> **WORK TO COMPLETE**
Set down all of the entries below word for word, with the pictures left out.

(Data items)
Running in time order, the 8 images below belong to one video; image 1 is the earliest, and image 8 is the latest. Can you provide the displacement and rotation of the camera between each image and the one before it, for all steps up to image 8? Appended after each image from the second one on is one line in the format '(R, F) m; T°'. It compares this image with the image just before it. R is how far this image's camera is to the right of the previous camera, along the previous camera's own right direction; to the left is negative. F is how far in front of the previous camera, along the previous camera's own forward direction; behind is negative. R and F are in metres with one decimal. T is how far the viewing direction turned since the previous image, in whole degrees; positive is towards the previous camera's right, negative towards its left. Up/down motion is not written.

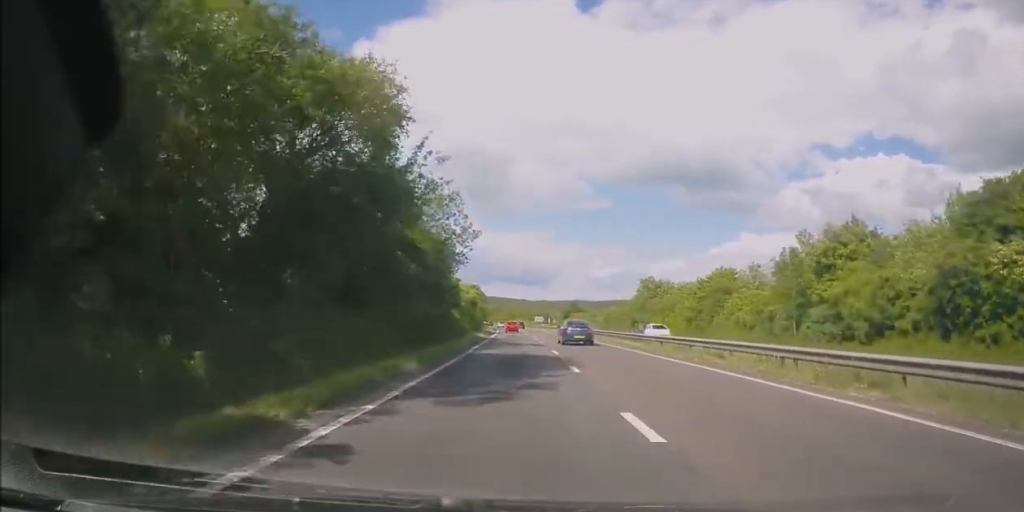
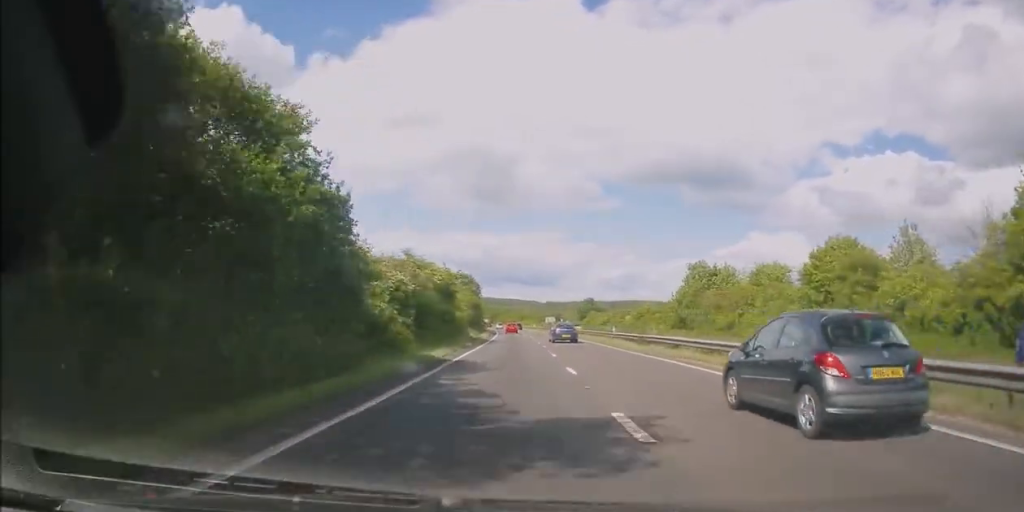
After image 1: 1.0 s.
(-0.2, +27.0) m; -1°
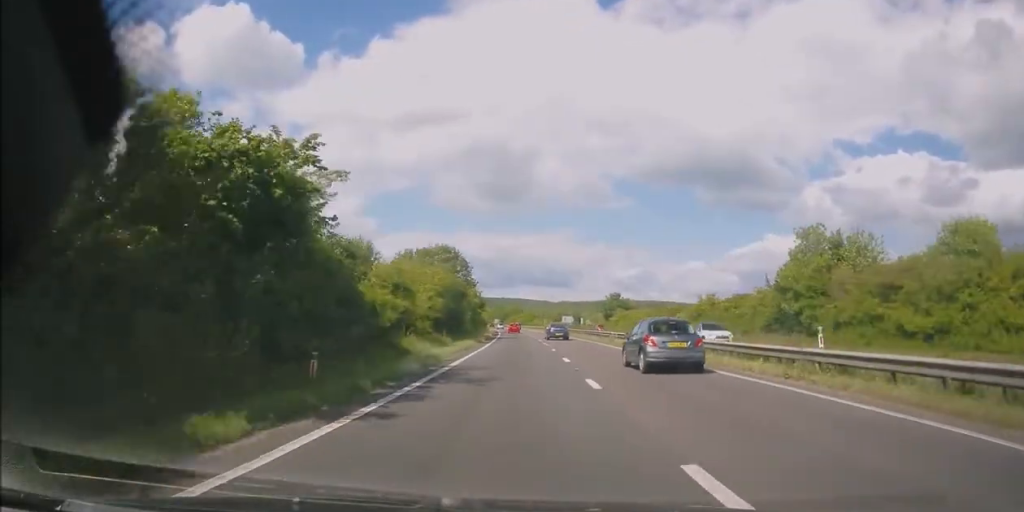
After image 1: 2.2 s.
(-0.6, +29.9) m; -1°
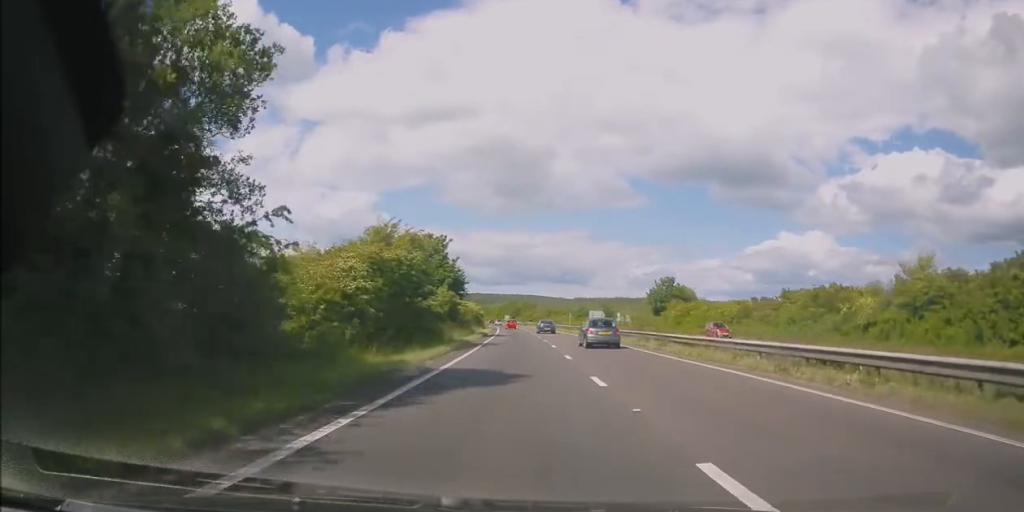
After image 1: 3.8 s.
(0.0, +43.6) m; -1°
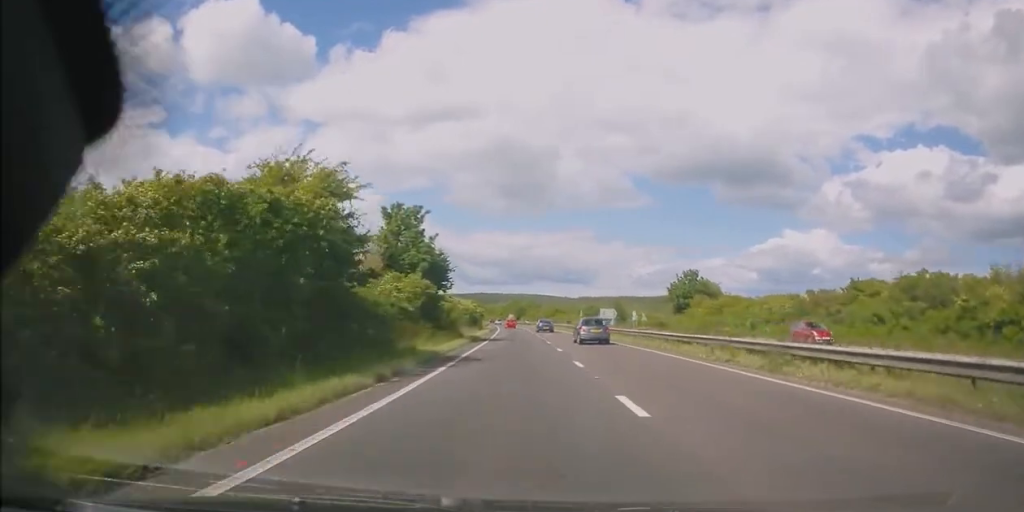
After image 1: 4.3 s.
(-0.4, +12.5) m; -1°
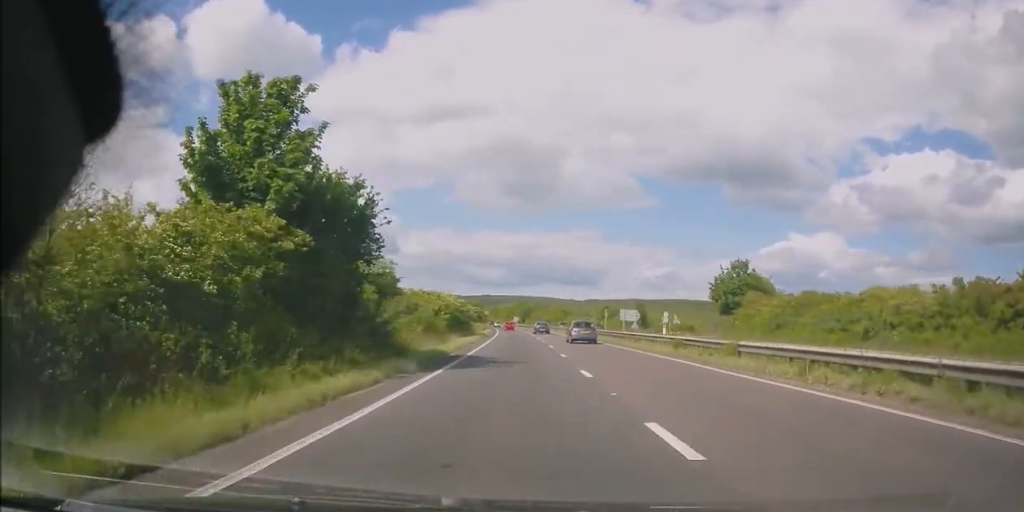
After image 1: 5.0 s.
(-0.2, +19.6) m; -1°
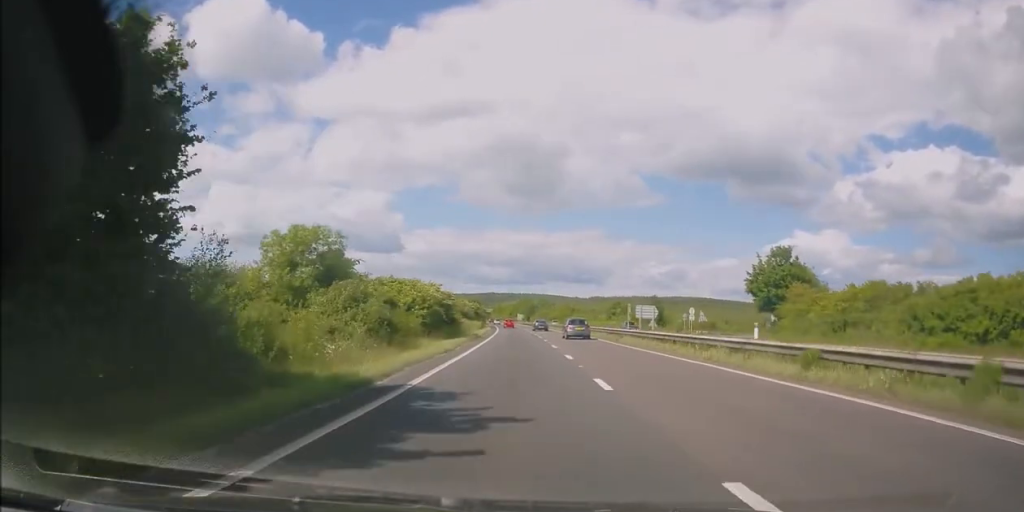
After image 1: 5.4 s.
(+0.1, +11.6) m; 0°
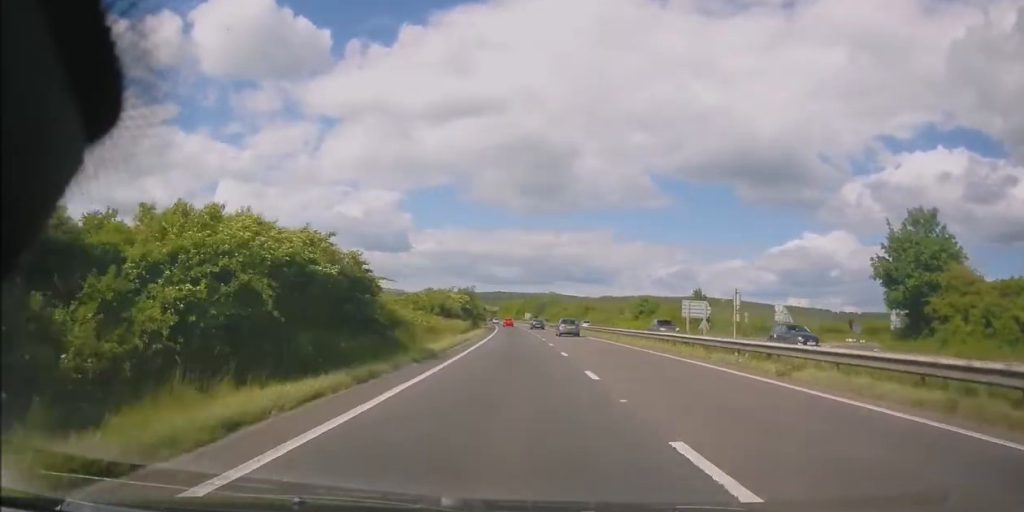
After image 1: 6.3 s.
(-0.3, +24.0) m; -1°

> **RESPONSE AREA**
Running in time order, the 8 images below belong to one video; image 1 is the earliest, and image 8 is the latest. Can you provide the displacement and rotation of the camera between each image and the one before it, for all steps up to image 8? Appended after each image from the second one on is one line in the format '(R, F) m; T°'. It compares this image with the image just before it. R is how far this image's camera is to the right of the previous camera, along the previous camera's own right direction; to the left is negative. F is how far in front of the previous camera, along the previous camera's own forward direction; behind is negative. R and F are in metres with one decimal. T is how far the viewing direction turned since the previous image, in whole degrees; positive is towards the previous camera's right, negative towards its left. Up/down motion is not written.

After image 1: 1.0 s.
(-0.2, +27.0) m; -1°
After image 1: 2.2 s.
(-0.6, +29.9) m; -1°
After image 1: 3.8 s.
(0.0, +43.6) m; -1°
After image 1: 4.3 s.
(-0.4, +12.5) m; -1°
After image 1: 5.0 s.
(-0.2, +19.6) m; -1°
After image 1: 5.4 s.
(+0.1, +11.6) m; 0°
After image 1: 6.3 s.
(-0.3, +24.0) m; -1°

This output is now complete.